最後の切符
この後長編も書くのでそれの繋ぎとして見ていってくれると嬉しいです!
終電を逃した夜だった。
駅のホームには誰もいない。風だけが古い時刻表を揺らしていた。
「まだ一本だけ、ありますよ」
振り向くと、駅員らしき老人が立っていた。しかし、その制服は今では見かけないほど古い型だった。
「どこ行きですか?」
「行き先は、乗る人によって変わります」
妙なことを言う人だと思ったが、次の瞬間、暗闇の向こうから一両だけの電車が音もなく滑り込んできた。

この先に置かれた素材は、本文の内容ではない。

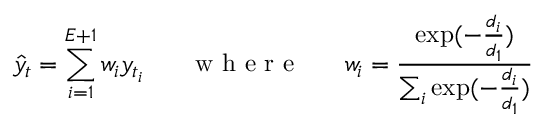
\hat { y } _ { t } = \sum _ { i = 1 } ^ { E + 1 } w _ { i } y _ { t _ { i } } ~ ~ ~ ~ ~ \mathrm { ~ w ~ h ~ e ~ r ~ e ~ } ~ ~ ~ ~ ~ w _ { i } = \frac { \exp ( - \frac { d _ { i } } { d _ { 1 } } ) } { \sum _ { i } \exp ( - \frac { d _ { i } } { d _ { 1 } } ) }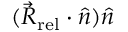
( { \vec { R } _ { \mathrm { r e l } } } \cdot { \hat { n } } ) { \hat { n } }
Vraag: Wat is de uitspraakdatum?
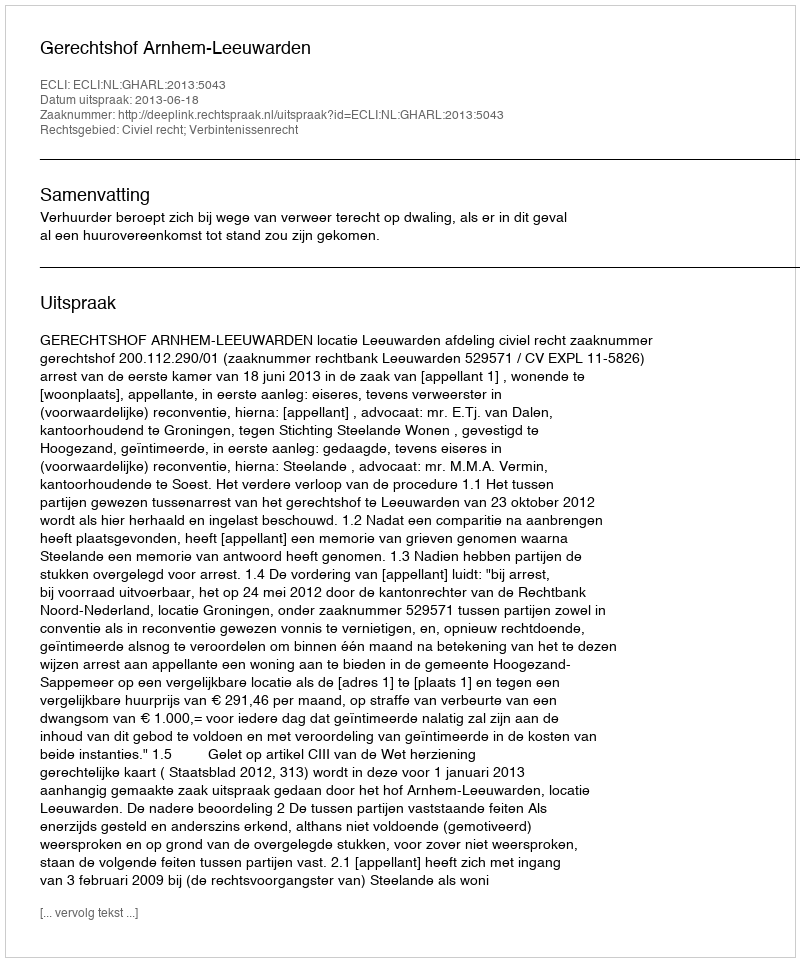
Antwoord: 2013-06-18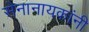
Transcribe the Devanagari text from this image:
सेनानायकांनी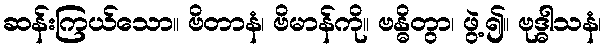
ဆန်းကြယ်သော။ ဗိတာနံ၊ ဗိမာန်ကို။ ဗန္ဓိတွာ၊ ဖွဲ့၍။ ဗုဒ္ဓါသနံ၊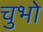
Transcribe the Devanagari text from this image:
चुभो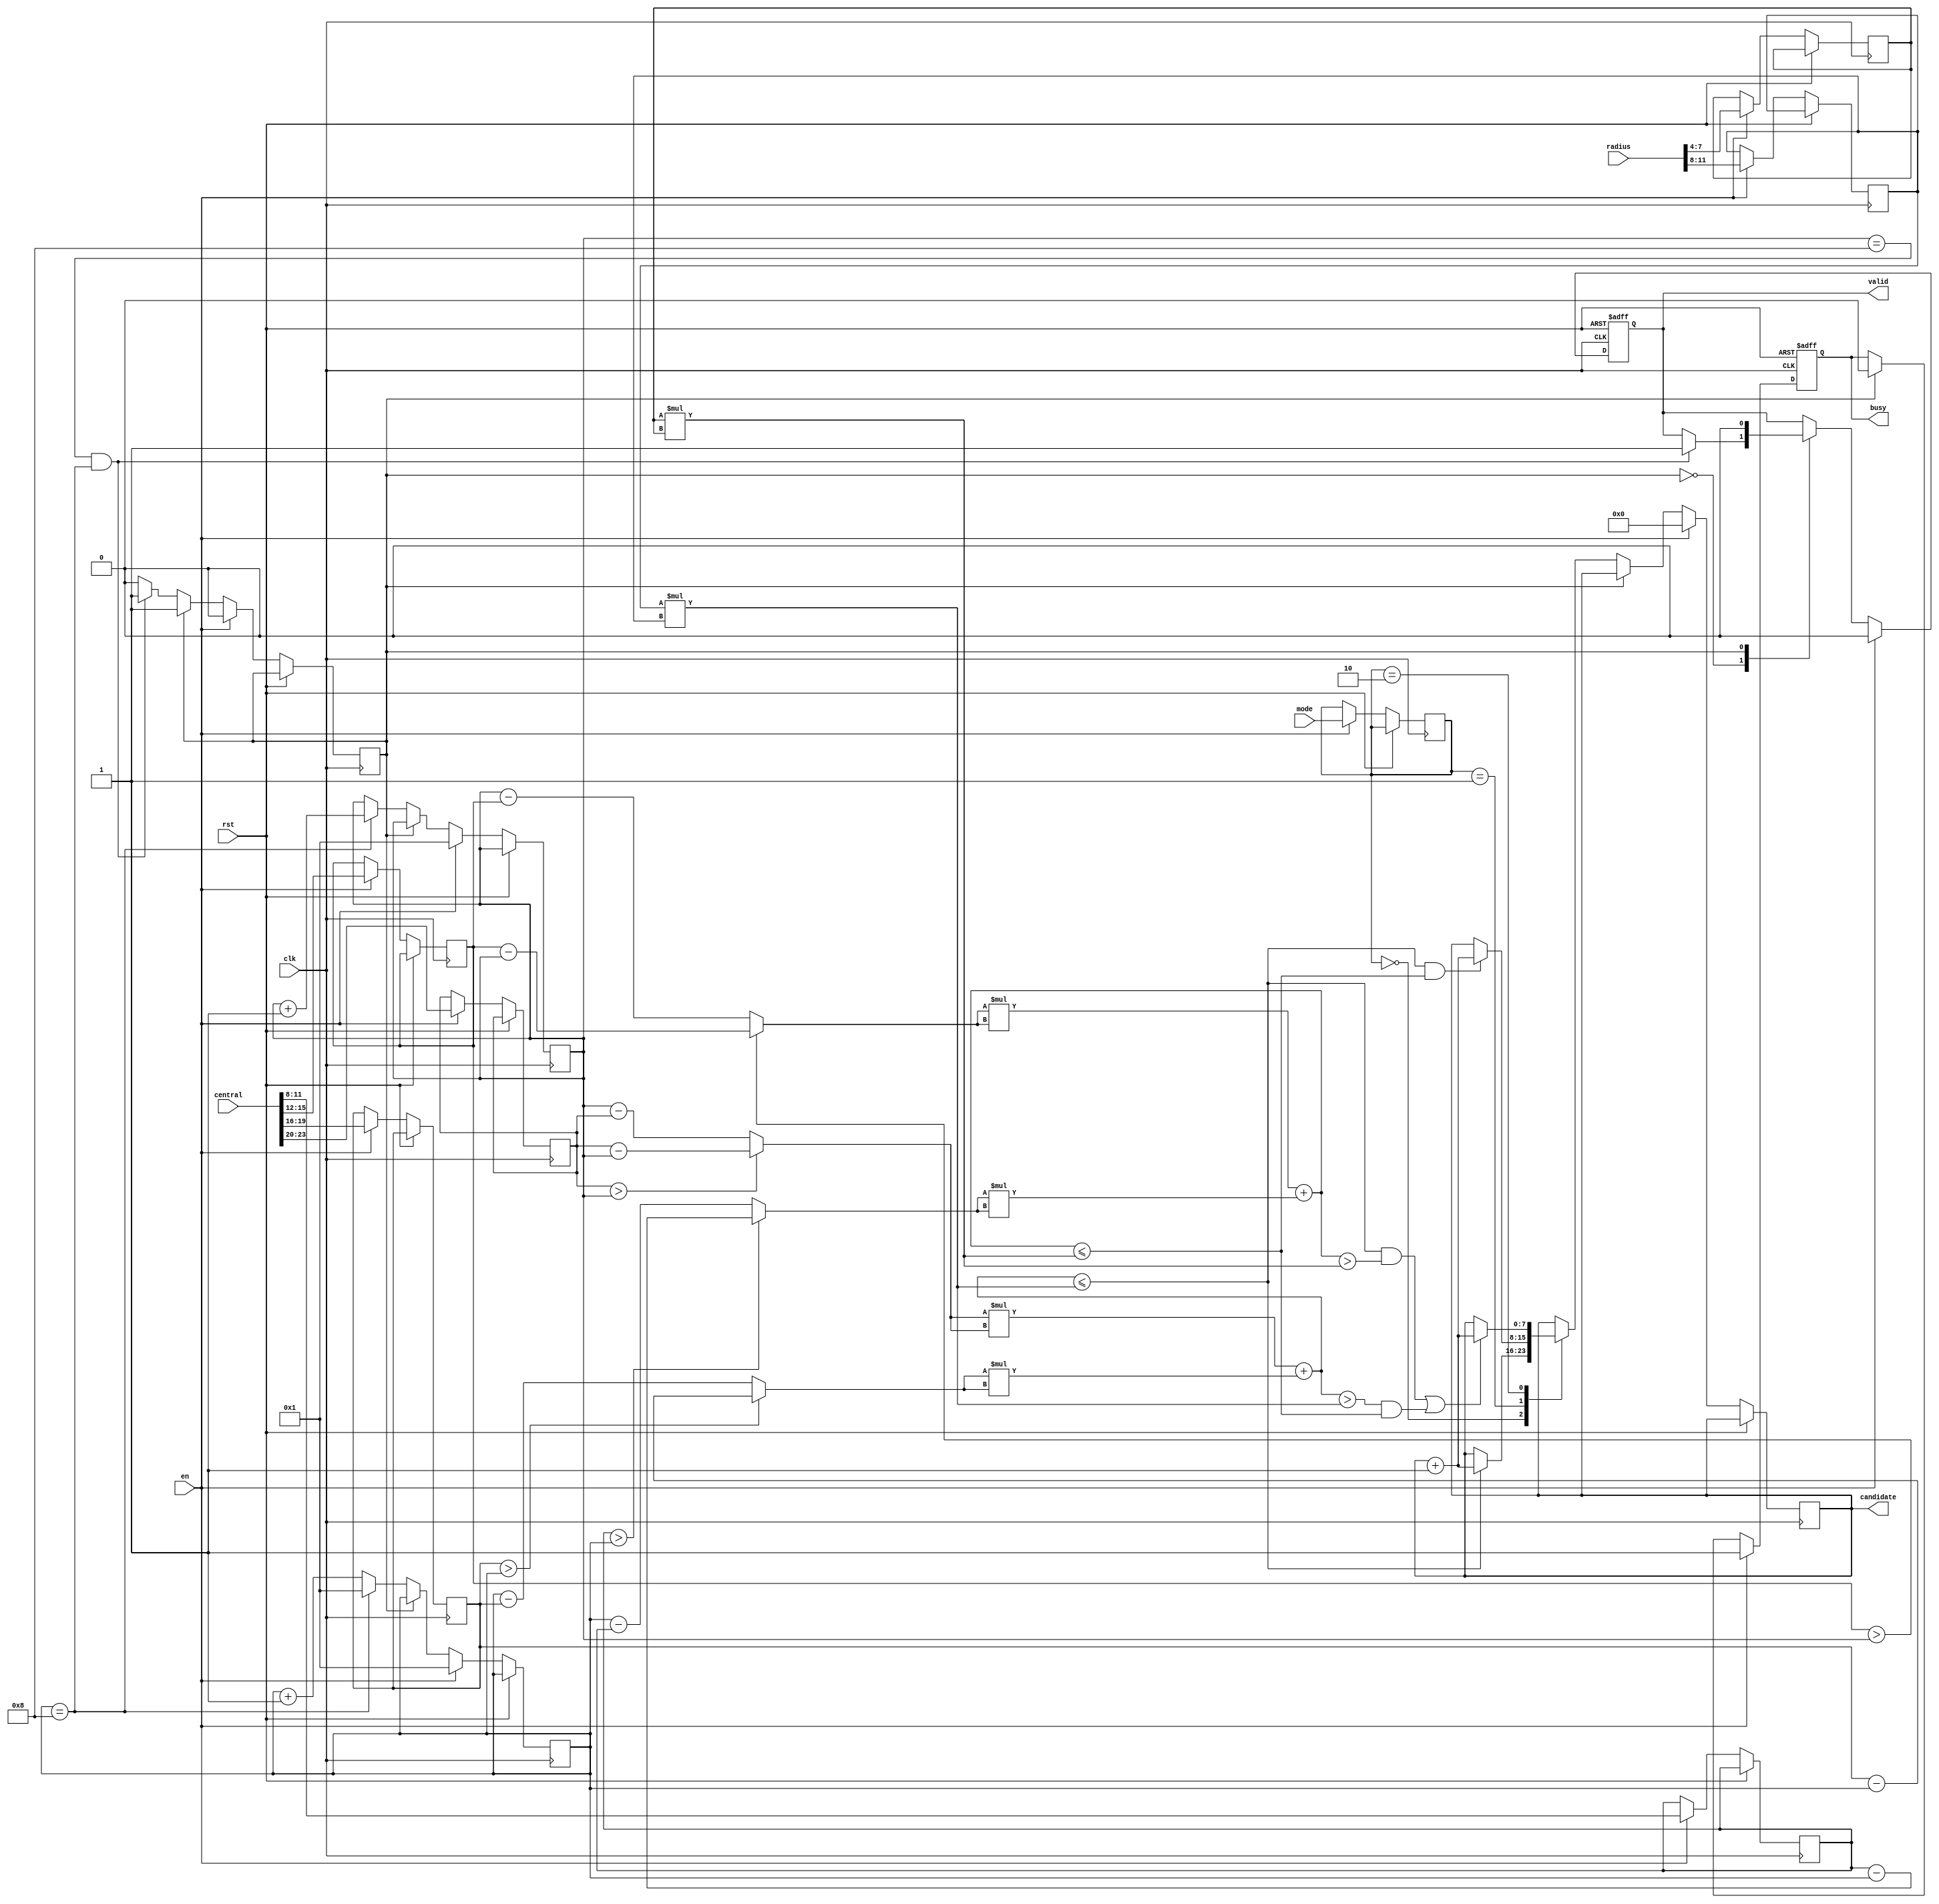
module SET ( clk , rst, en, central, radius, mode, busy, valid, candidate );

input clk, rst;
input en;
input [23:0] central;
input [11:0] radius;
input [1:0] mode;
output busy;
output valid;
output [7:0]candidate;
reg busy;
reg valid;
reg [7:0]candidate;

reg [3:0]x;
reg [3:0]y;
reg [3:0]x1;
reg [3:0]y1;
reg [3:0]x2;
reg [3:0]y2;
reg [3:0]r1;
reg [3:0]r2;
reg state;
reg [1:0]m;
reg [7:0]r1_square;
reg [7:0]r2_square;
reg [3:0]x1_difference;
reg [3:0]y1_difference;
reg [3:0]x2_difference;
reg [3:0]y2_difference;
reg [7:0]x1_length_square;
reg [7:0]y1_length_square;
reg [7:0]x2_length_square;
reg [7:0]y2_length_square;


parameter op = 0;
parameter out = 1;

always @(posedge rst  or posedge clk)
begin
    if(rst)
    begin
        valid<=0;
        busy<=0;
    end
    else if(en)
    begin
        valid<=0;
        m<=mode;
        x1<=central[23:20];
        y1<=central[19:16];
        x2<=central[15:12];
        y2<=central[11:8];
        r1<=radius[11:8];
        r2<=radius[7:4];
        x<=1;
        y<=1;
        busy<=1;
        state<=op;
        candidate<=0;
    end
    else
    begin
        case (state)
            op:
            begin
                case (m)
                    2'b00 ://|A|
                    begin
                        if((x1_length_square + y1_length_square) <= r1_square)
                            candidate <= candidate+1;
                        else
                            candidate <= candidate;
                    end
                    2'b01://|A intersect B|
                    begin
                        if((x1_length_square + y1_length_square) <= r1_square && (x2_length_square + y2_length_square) <= r2_square)
                            candidate <= candidate+1;
                        else
                            candidate <= candidate;
                    end
                    2'b10://|A - B|
                    begin
                        if(((x1_length_square + y1_length_square) <= r1_square && (x2_length_square + y2_length_square) > r2_square)
                                || ((x1_length_square + y1_length_square) > r1_square && (x2_length_square + y2_length_square) <= r2_square))
                            candidate <= candidate+1;
                        else
                            candidate <= candidate;
                    end
                    default:
                        ;
                endcase
                if(y==8)
                begin
                    x<=x+1;
                    y<=1;
                end
                else
                    y<=y+1;
                if(x==8 && y==8)
                begin
                    state<=out;
                    valid<=1;
                end
            end
            out:
            begin
                busy<=0;
                valid<=0;
            end
            default:
                ;
        endcase
    end
end
always @(*)
begin
    x1_length_square = x1_difference * x1_difference;
    x2_length_square = x2_difference * x2_difference;
    y1_length_square = y1_difference * y1_difference;
    y2_length_square = y2_difference * y2_difference;
end
always @(*)
begin
    r1_square = r1*r1;
    r2_square = r2*r2;
end
always @(*)
begin
    x1_difference = (x1>x)?x1-x:x-x1;
    x2_difference = (x2>x)?x2-x:x-x2;
    y1_difference = (y1>y)?y1-y:y-y1;
    y2_difference = (y2>y)?y2-y:y-y2;
end
endmodule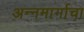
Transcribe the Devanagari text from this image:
अन्नमार्गाचा

車内には十人ほどの乗客がいた。皆、静かに窓の外を見ている。
発車すると、窓の景色は街ではなくなった。
小学校の校庭。
初めて自転車に乗れた夕方。
祖母と歩いた商店街。
もう会えない友人と笑い合った夏祭り。
どれも、自分の記憶だった。
「これは……」
隣に座る少女が微笑んだ。
「後悔って、置いていけるんだよ」
彼女の姿はどこか懐かしかった。
思い出した。
小学生の頃、病気で亡くなった幼なじみだ。
「君だったのか」
少女は小さくうなずいた。
「前に進めない人だけが、この電車に乗るの」
電車はゆっくりと最後の駅へ滑り込む。
ホームには朝焼けが広がっていた。
「ここで降りると、過去は持っていけない。でも未来は持っていける」
少女は手を振った。
「ありがとう」
その言葉を最後に、ドアが閉まる。
気がつくと、私はいつもの駅のベンチで目を覚ましていた。
始発電車がホームへ入ってくる。
ポケットには見覚えのない古びた切符が一枚だけ残っていた。
裏には小さく、こう書かれていた。
「過去は帰る場所ではない。未来へ向かうための駅である。」
私はその切符を空へかざし、朝日に透かしてから、静かに歩き始めた。